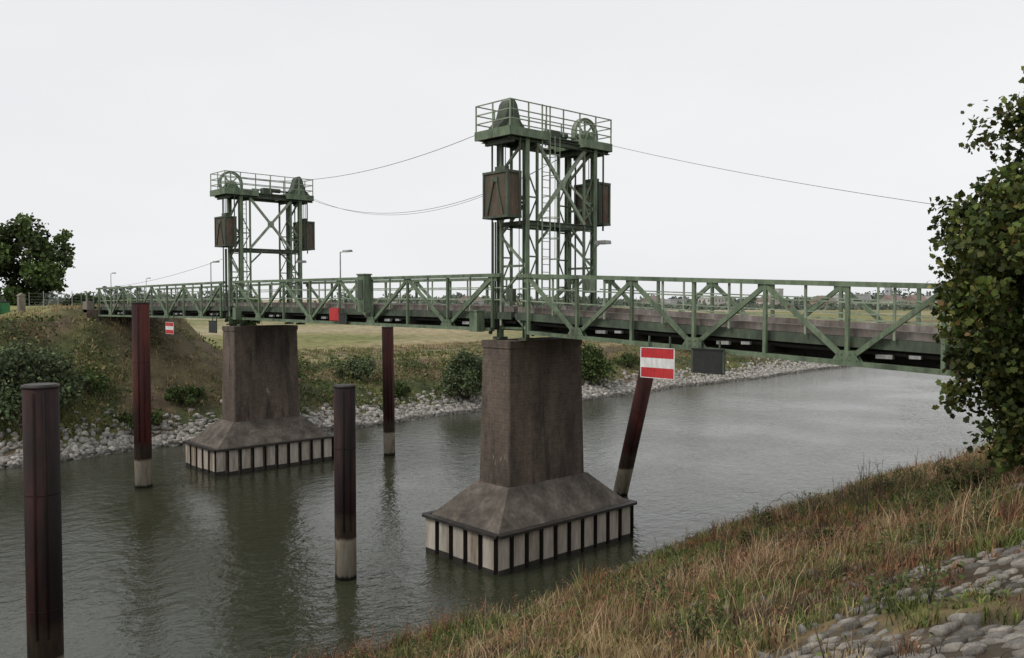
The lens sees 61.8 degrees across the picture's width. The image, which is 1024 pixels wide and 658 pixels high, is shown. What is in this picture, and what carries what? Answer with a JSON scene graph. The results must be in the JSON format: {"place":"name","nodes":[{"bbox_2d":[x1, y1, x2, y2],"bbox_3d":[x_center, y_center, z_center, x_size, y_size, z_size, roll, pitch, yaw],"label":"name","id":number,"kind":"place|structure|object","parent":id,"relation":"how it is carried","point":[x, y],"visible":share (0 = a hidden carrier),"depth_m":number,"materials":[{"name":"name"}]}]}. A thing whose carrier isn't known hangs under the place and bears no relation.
{"place":"outdoors","nodes":[
{"label":"outdoors","id":0,"kind":"place"},
{"bbox_2d":[210,170,314,325],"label":"lift tower","id":1,"kind":"structure","parent":0,"point":[296,195],"depth_m":52.10,"materials":[{"name":"green metal"}]},
{"bbox_2d":[458,296,483,300],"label":"roof","id":2,"kind":"structure","parent":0,"point":[465,297],"depth_m":514.22,"materials":[{"name":"tile"}]},
{"bbox_2d":[0,366,998,657],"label":"water","id":3,"kind":"structure","parent":0,"point":[178,558],"depth_m":40.67,"materials":[{"name":"grey liquid"}]},
{"bbox_2d":[21,383,63,657],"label":"mooring pole","id":4,"kind":"object","parent":3,"relation":"in","point":[42,514],"visible":1,"depth_m":20.09,"materials":[{"name":"metal"}]},
{"bbox_2d":[131,302,151,488],"bbox_3d":[-19.739,4.248,45.665,0.906,11.367,0.951,-2,3,-43],"label":"mooring pole","id":5,"kind":"object","parent":3,"relation":"in","point":[141,395],"visible":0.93,"depth_m":45.30,"materials":[{"name":"metal"}]},
{"bbox_2d":[182,325,333,476],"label":"bridge pier","id":6,"kind":"structure","parent":3,"relation":"in","point":[262,423],"depth_m":51.30,"materials":[{"name":"concrete"}]},
{"bbox_2d":[333,384,356,580],"bbox_3d":[-5.991,6.005,30.741,0.793,8.028,0.795,-2,3,-43],"label":"mooring pole","id":7,"kind":"object","parent":3,"relation":"in","point":[345,478],"visible":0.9,"depth_m":30.41,"materials":[{"name":"metal"}]},
{"bbox_2d":[382,326,394,455],"bbox_3d":[-7.935,4.600,55.017,0.866,9.531,0.765,-2,3,-43],"label":"mooring pole","id":8,"kind":"object","parent":3,"relation":"in","point":[388,390],"visible":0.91,"depth_m":54.70,"materials":[{"name":"metal"}]},
{"bbox_2d":[422,337,636,576],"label":"bridge pier","id":9,"kind":"structure","parent":3,"relation":"in","point":[535,495],"depth_m":33.62,"materials":[{"name":"concrete"}]},
{"bbox_2d":[613,369,653,496],"bbox_3d":[5.996,5.689,42.923,0.783,7.978,3.425,-1,2,-27],"label":"mooring pole","id":10,"kind":"object","parent":3,"relation":"in","point":[643,387],"visible":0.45,"depth_m":42.48,"materials":[{"name":"metal"}]},
{"bbox_2d":[0,300,1023,657],"bbox_3d":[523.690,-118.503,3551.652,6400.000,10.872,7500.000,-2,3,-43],"label":"ground","id":11,"kind":"structure","parent":0,"point":[322,336],"depth_m":67.25,"materials":[{"name":"green plant"}]},
{"bbox_2d":[0,302,10,313],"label":"waste container","id":12,"kind":"object","parent":11,"relation":"on","point":[4,307],"visible":0.87,"depth_m":77.16,"materials":[{"name":"green plastic"}]},
{"bbox_2d":[0,223,13,274],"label":"deciduous tree","id":13,"kind":"object","parent":11,"relation":"on","point":[3,270],"visible":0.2,"depth_m":107.50,"materials":[{"name":"green plant"}]},
{"bbox_2d":[16,293,25,312],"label":"stone gate pillar","id":14,"kind":"structure","parent":11,"relation":"on","point":[21,303],"depth_m":74.73,"materials":[{"name":"stone"}]},
{"bbox_2d":[0,212,75,305],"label":"deciduous tree","id":15,"kind":"object","parent":11,"relation":"on","point":[45,273],"visible":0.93,"depth_m":106.20,"materials":[{"name":"green plant"}]},
{"bbox_2d":[0,335,87,425],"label":"willow bush","id":16,"kind":"object","parent":11,"relation":"on","point":[15,360],"visible":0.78,"depth_m":55.16,"materials":[{"name":"green plant"}]},
{"bbox_2d":[29,291,129,308],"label":"wire fence","id":17,"kind":"object","parent":11,"relation":"on","point":[43,302],"visible":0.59,"depth_m":78.80,"materials":[{"name":"metal"}]},
{"bbox_2d":[50,361,115,394],"bbox_3d":[-30.892,3.552,61.458,4.461,2.368,4.305,-2,3,-43],"label":"bramble bush","id":18,"kind":"object","parent":11,"relation":"on","point":[104,381],"visible":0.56,"depth_m":61.19,"materials":[{"name":"green plant"}]},
{"bbox_2d":[59,291,114,305],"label":"deciduous tree","id":19,"kind":"object","parent":11,"relation":"on","point":[75,299],"visible":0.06,"depth_m":111.14,"materials":[{"name":"green plant"}]},
{"bbox_2d":[114,297,143,303],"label":"deciduous tree","id":20,"kind":"object","parent":11,"relation":"on","point":[133,300],"visible":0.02,"depth_m":150.15,"materials":[{"name":"green plant"}]},
{"bbox_2d":[109,408,165,431],"bbox_3d":[-26.033,6.071,59.910,3.557,1.953,3.651,-2,3,-43],"label":"bramble bush","id":21,"kind":"object","parent":11,"relation":"on","point":[156,416],"visible":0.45,"depth_m":59.51,"materials":[{"name":"green plant"}]},
{"bbox_2d":[163,384,205,404],"bbox_3d":[-24.637,4.814,64.189,2.975,1.587,3.162,0,2,6],"label":"bramble bush","id":22,"kind":"object","parent":11,"relation":"on","point":[174,393],"visible":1,"depth_m":63.49,"materials":[{"name":"green plant"}]},
{"bbox_2d":[227,293,261,325],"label":"deciduous tree","id":23,"kind":"object","parent":11,"relation":"on","point":[249,322],"visible":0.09,"depth_m":107.53,"materials":[{"name":"green plant"}]},
{"bbox_2d":[298,366,304,377],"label":"elder bush","id":24,"kind":"object","parent":11,"relation":"on","point":[299,373],"visible":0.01,"depth_m":70.14,"materials":[{"name":"green plant"}]},
{"bbox_2d":[330,357,376,379],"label":"willow bush","id":25,"kind":"object","parent":11,"relation":"on","point":[366,368],"visible":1,"depth_m":76.16,"materials":[{"name":"green plant"}]},
{"bbox_2d":[380,381,410,396],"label":"bramble bush","id":26,"kind":"object","parent":11,"relation":"on","point":[399,389],"visible":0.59,"depth_m":75.30,"materials":[{"name":"green plant"}]},
{"bbox_2d":[0,310,791,445],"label":"bank undergrowth","id":27,"kind":"object","parent":11,"relation":"on","point":[300,360],"visible":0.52,"depth_m":69.02,"materials":[{"name":"green plant"}]},
{"bbox_2d":[0,357,852,468],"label":"riprap","id":28,"kind":"object","parent":11,"relation":"on","point":[122,441],"visible":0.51,"depth_m":70.33,"materials":[{"name":"stone"}]},
{"bbox_2d":[436,346,482,400],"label":"willow bush","id":29,"kind":"object","parent":11,"relation":"on","point":[465,369],"visible":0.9,"depth_m":77.18,"materials":[{"name":"green plant"}]},
{"bbox_2d":[0,285,952,310],"bbox_3d":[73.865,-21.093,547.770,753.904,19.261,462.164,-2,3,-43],"label":"distant trees","id":30,"kind":"object","parent":11,"relation":"on","point":[796,305],"visible":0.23,"depth_m":412.50,"materials":[{"name":"green plant"}]},
{"bbox_2d":[80,273,1016,378],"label":"lift bridge","id":31,"kind":"structure","parent":11,"relation":"on","point":[881,343],"depth_m":30.03,"materials":[{"name":"green metal"}]},
{"bbox_2d":[102,259,221,287],"bbox_3d":[-25.478,-3.801,60.555,0.020,1.567,23.201,-2,3,-43],"label":"overhead cable","id":32,"kind":"object","parent":31,"relation":"attached to","point":[163,277],"visible":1,"depth_m":59.01,"materials":[{"name":"metal"}]},
{"bbox_2d":[166,312,173,333],"bbox_3d":[-22.971,-0.397,57.542,0.170,1.451,1.374,-2,3,-43],"label":"navigation sign","id":33,"kind":"object","parent":31,"relation":"attached to","point":[169,327],"visible":1,"depth_m":57.43,"materials":[{"name":"red metal"}]},
{"bbox_2d":[208,313,216,332],"bbox_3d":[-18.306,-0.385,52.456,0.240,1.230,1.061,-2,3,-43],"label":"signal light panel","id":34,"kind":"object","parent":31,"relation":"attached to","point":[212,326],"visible":1,"depth_m":52.31,"materials":[{"name":"black metal"}]},
{"bbox_2d":[210,261,219,291],"bbox_3d":[-22.414,-3.330,64.672,0.985,3.620,0.406,2,3,37],"label":"street lamp","id":35,"kind":"object","parent":31,"relation":"attached to","point":[210,271],"visible":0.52,"depth_m":64.75,"materials":[{"name":"metal"}]},
{"bbox_2d":[329,308,338,320],"bbox_3d":[-8.695,-0.728,42.120,0.168,0.620,0.850,-2,3,-43],"label":"red sign board","id":36,"kind":"object","parent":31,"relation":"attached to","point":[333,314],"visible":1,"depth_m":42.03,"materials":[{"name":"paint"}]},
{"bbox_2d":[338,313,347,323],"bbox_3d":[-8.177,-0.506,41.519,0.239,0.540,0.658,-2,3,-43],"label":"signal light panel","id":37,"kind":"object","parent":31,"relation":"attached to","point":[343,317],"visible":1,"depth_m":41.37,"materials":[{"name":"black metal"}]},
{"bbox_2d":[340,250,352,301],"bbox_3d":[-9.905,-2.982,51.183,0.985,3.470,0.406,2,3,37],"label":"street lamp","id":38,"kind":"object","parent":31,"relation":"attached to","point":[340,260],"visible":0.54,"depth_m":51.26,"materials":[{"name":"metal"}]},
{"bbox_2d":[239,136,472,180],"bbox_3d":[-8.686,-8.125,42.279,0.022,1.243,23.005,-2,3,-42],"label":"overhead cable","id":39,"kind":"object","parent":31,"relation":"attached to","point":[371,169],"visible":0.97,"depth_m":39.78,"materials":[{"name":"metal"}]},
{"bbox_2d":[308,160,556,212],"bbox_3d":[-5.174,-7.095,45.368,0.022,1.719,22.705,-2,3,-43],"label":"overhead cable","id":40,"kind":"object","parent":31,"relation":"attached to","point":[425,209],"visible":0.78,"depth_m":44.61,"materials":[{"name":"metal"}]},
{"bbox_2d":[310,160,555,214],"bbox_3d":[-5.100,-7.098,45.436,0.018,1.915,22.705,-2,3,-43],"label":"overhead cable","id":41,"kind":"object","parent":31,"relation":"attached to","point":[421,212],"visible":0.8,"depth_m":45.30,"materials":[{"name":"metal"}]},
{"bbox_2d":[640,336,674,379],"bbox_3d":[4.739,0.915,27.679,0.170,1.364,1.374,-2,3,-43],"label":"navigation sign","id":42,"kind":"object","parent":31,"relation":"attached to","point":[658,363],"visible":1,"depth_m":27.61,"materials":[{"name":"red metal"}]},
{"bbox_2d":[691,340,724,374],"bbox_3d":[6.032,0.859,26.230,0.242,1.004,1.210,-2,3,-43],"label":"signal light panel","id":43,"kind":"object","parent":31,"relation":"attached to","point":[707,361],"visible":1,"depth_m":26.14,"materials":[{"name":"black metal"}]},
{"bbox_2d":[611,145,949,206],"bbox_3d":[11.394,-4.782,27.935,0.018,5.315,21.704,-2,3,-43],"label":"overhead cable","id":44,"kind":"object","parent":31,"relation":"attached to","point":[784,180],"visible":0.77,"depth_m":29.80,"materials":[{"name":"metal"}]},
{"bbox_2d":[581,341,617,382],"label":"elder bush","id":45,"kind":"object","parent":11,"relation":"on","point":[594,362],"visible":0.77,"depth_m":89.96,"materials":[{"name":"green plant"}]},
{"bbox_2d":[367,477,880,651],"bbox_3d":[19.944,8.194,45.069,90.043,1.202,3.100,-2,3,-42],"label":"riprap","id":46,"kind":"object","parent":11,"relation":"on","point":[596,580],"visible":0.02,"depth_m":31.07,"materials":[{"name":"stone"}]},
{"bbox_2d":[609,351,639,367],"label":"bramble bush","id":47,"kind":"object","parent":11,"relation":"on","point":[630,359],"visible":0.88,"depth_m":99.36,"materials":[{"name":"green plant"}]},
{"bbox_2d":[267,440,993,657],"bbox_3d":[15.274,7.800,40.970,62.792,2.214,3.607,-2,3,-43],"label":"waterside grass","id":48,"kind":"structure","parent":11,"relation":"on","point":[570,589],"depth_m":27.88,"materials":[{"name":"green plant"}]},
{"bbox_2d":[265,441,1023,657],"bbox_3d":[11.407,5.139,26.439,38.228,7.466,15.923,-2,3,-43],"label":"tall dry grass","id":49,"kind":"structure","parent":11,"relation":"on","point":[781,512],"depth_m":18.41,"materials":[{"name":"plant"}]},
{"bbox_2d":[311,444,1016,657],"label":"dock stems","id":50,"kind":"object","parent":11,"relation":"on","point":[721,570],"visible":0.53,"depth_m":17.99,"materials":[{"name":"plant"}]},
{"bbox_2d":[309,441,1019,657],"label":"dock seed heads","id":51,"kind":"object","parent":11,"relation":"on","point":[661,609],"visible":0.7,"depth_m":17.98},
{"bbox_2d":[319,451,1023,657],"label":"mugwort","id":52,"kind":"object","parent":11,"relation":"on","point":[930,565],"depth_m":17.33,"materials":[{"name":"green plant"}]},
{"bbox_2d":[664,299,686,305],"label":"apartment block","id":53,"kind":"structure","parent":11,"relation":"on","point":[672,301],"depth_m":512.44,"materials":[{"name":"grey concrete"}]},
{"bbox_2d":[335,444,1023,657],"bbox_3d":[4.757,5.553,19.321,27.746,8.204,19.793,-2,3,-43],"label":"bank grass","id":54,"kind":"structure","parent":11,"relation":"on","point":[832,564],"depth_m":14.40,"materials":[{"name":"green plant"}]},
{"bbox_2d":[360,466,1023,657],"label":"bank weeds","id":55,"kind":"object","parent":11,"relation":"on","point":[841,604],"visible":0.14,"depth_m":11.86,"materials":[{"name":"green plant"}]},
{"bbox_2d":[698,297,733,305],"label":"apartment block","id":56,"kind":"structure","parent":11,"relation":"on","point":[718,300],"depth_m":513.47,"materials":[{"name":"grey concrete"}]},
{"bbox_2d":[699,299,726,305],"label":"windows","id":57,"kind":"structure","parent":56,"relation":"in","point":[699,299],"depth_m":513.84,"materials":[{"name":"black glass"}]},
{"bbox_2d":[735,529,766,545],"bbox_3d":[7.590,6.696,27.284,0.876,0.655,1.062,-2,3,-43],"label":"bramble bush","id":58,"kind":"object","parent":11,"relation":"on","point":[745,534],"visible":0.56,"depth_m":27.30,"materials":[{"name":"green plant"}]},
{"bbox_2d":[757,507,787,526],"bbox_3d":[9.321,6.711,29.968,1.350,0.824,1.473,-2,3,-43],"label":"bramble bush","id":59,"kind":"object","parent":11,"relation":"on","point":[764,515],"visible":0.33,"depth_m":30.03,"materials":[{"name":"green plant"}]},
{"bbox_2d":[768,288,782,295],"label":"apartment block","id":60,"kind":"structure","parent":11,"relation":"on","point":[779,291],"depth_m":634.59,"materials":[{"name":"grey concrete"}]},
{"bbox_2d":[578,483,1023,657],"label":"loose stone","id":61,"kind":"object","parent":11,"relation":"on","point":[802,628],"visible":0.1,"depth_m":10.92,"materials":[{"name":"grey stone"}]},
{"bbox_2d":[658,452,953,574],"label":"bramble stems","id":62,"kind":"object","parent":11,"relation":"on","point":[865,501],"visible":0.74,"depth_m":25.07,"materials":[{"name":"plant"}]},
{"bbox_2d":[810,301,836,306],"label":"walls","id":63,"kind":"structure","parent":11,"relation":"on","point":[813,302],"depth_m":495.88,"materials":[{"name":"brick"}]},
{"bbox_2d":[812,296,836,300],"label":"roof","id":64,"kind":"structure","parent":63,"relation":"on","point":[822,296],"depth_m":495.53,"materials":[{"name":"tile"}]},
{"bbox_2d":[809,526,845,549],"bbox_3d":[8.231,5.484,22.167,1.196,0.704,0.989,-1,2,-15],"label":"bramble bush","id":65,"kind":"object","parent":11,"relation":"on","point":[824,532],"visible":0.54,"depth_m":22.17,"materials":[{"name":"green plant"}]},
{"bbox_2d":[833,294,870,304],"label":"apartment block","id":66,"kind":"structure","parent":11,"relation":"on","point":[863,296],"depth_m":516.59,"materials":[{"name":"grey concrete"}]},
{"bbox_2d":[869,479,896,494],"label":"bramble bush","id":67,"kind":"object","parent":11,"relation":"on","point":[872,486],"visible":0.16,"depth_m":30.69,"materials":[{"name":"green plant"}]},
{"bbox_2d":[884,288,891,294],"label":"church tower","id":68,"kind":"structure","parent":11,"relation":"on","point":[888,291],"depth_m":558.21,"materials":[{"name":"concrete"}]},
{"bbox_2d":[775,528,1023,657],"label":"cobblestone revetment","id":69,"kind":"object","parent":11,"relation":"on","point":[963,636],"visible":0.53,"depth_m":8.90,"materials":[{"name":"stone"}]},
{"bbox_2d":[935,459,977,476],"bbox_3d":[16.792,5.242,32.130,1.371,0.962,1.567,-1,2,-24],"label":"bramble bush","id":70,"kind":"object","parent":11,"relation":"on","point":[957,467],"visible":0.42,"depth_m":32.13,"materials":[{"name":"green plant"}]},
{"bbox_2d":[942,469,990,493],"bbox_3d":[12.467,4.231,23.389,1.400,0.806,1.564,0,2,13],"label":"bramble bush","id":71,"kind":"object","parent":11,"relation":"on","point":[967,475],"visible":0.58,"depth_m":23.36,"materials":[{"name":"green plant"}]},
{"bbox_2d":[927,66,1023,473],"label":"oak tree","id":72,"kind":"object","parent":11,"relation":"on","point":[985,249],"visible":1,"depth_m":13.06,"materials":[{"name":"green plant"}]},
{"bbox_2d":[0,0,1023,299],"label":"sky","id":73,"kind":"structure","parent":0,"point":[117,117],"materials":[{"name":"white"}]},
{"bbox_2d":[474,98,611,340],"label":"lift tower","id":74,"kind":"structure","parent":0,"point":[506,192],"depth_m":33.86,"materials":[{"name":"green metal"}]},
{"bbox_2d":[641,296,660,301],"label":"roof","id":75,"kind":"structure","parent":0,"point":[652,297],"depth_m":507.43,"materials":[{"name":"tile"}]},
{"bbox_2d":[756,296,778,301],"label":"roof","id":76,"kind":"structure","parent":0,"point":[759,300],"depth_m":496.87,"materials":[{"name":"tile"}]},
{"bbox_2d":[881,295,903,299],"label":"roof","id":77,"kind":"structure","parent":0,"point":[887,297],"depth_m":497.07,"materials":[{"name":"tile"}]},
{"bbox_2d":[904,295,926,300],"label":"roof","id":78,"kind":"structure","parent":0,"point":[912,298],"depth_m":497.50,"materials":[{"name":"tile"}]}
]}

▸ REQUIRED WORK
How many of the lines above contain "outdoors"? Give the number by itself.

▸ WORKED SOLUTION
2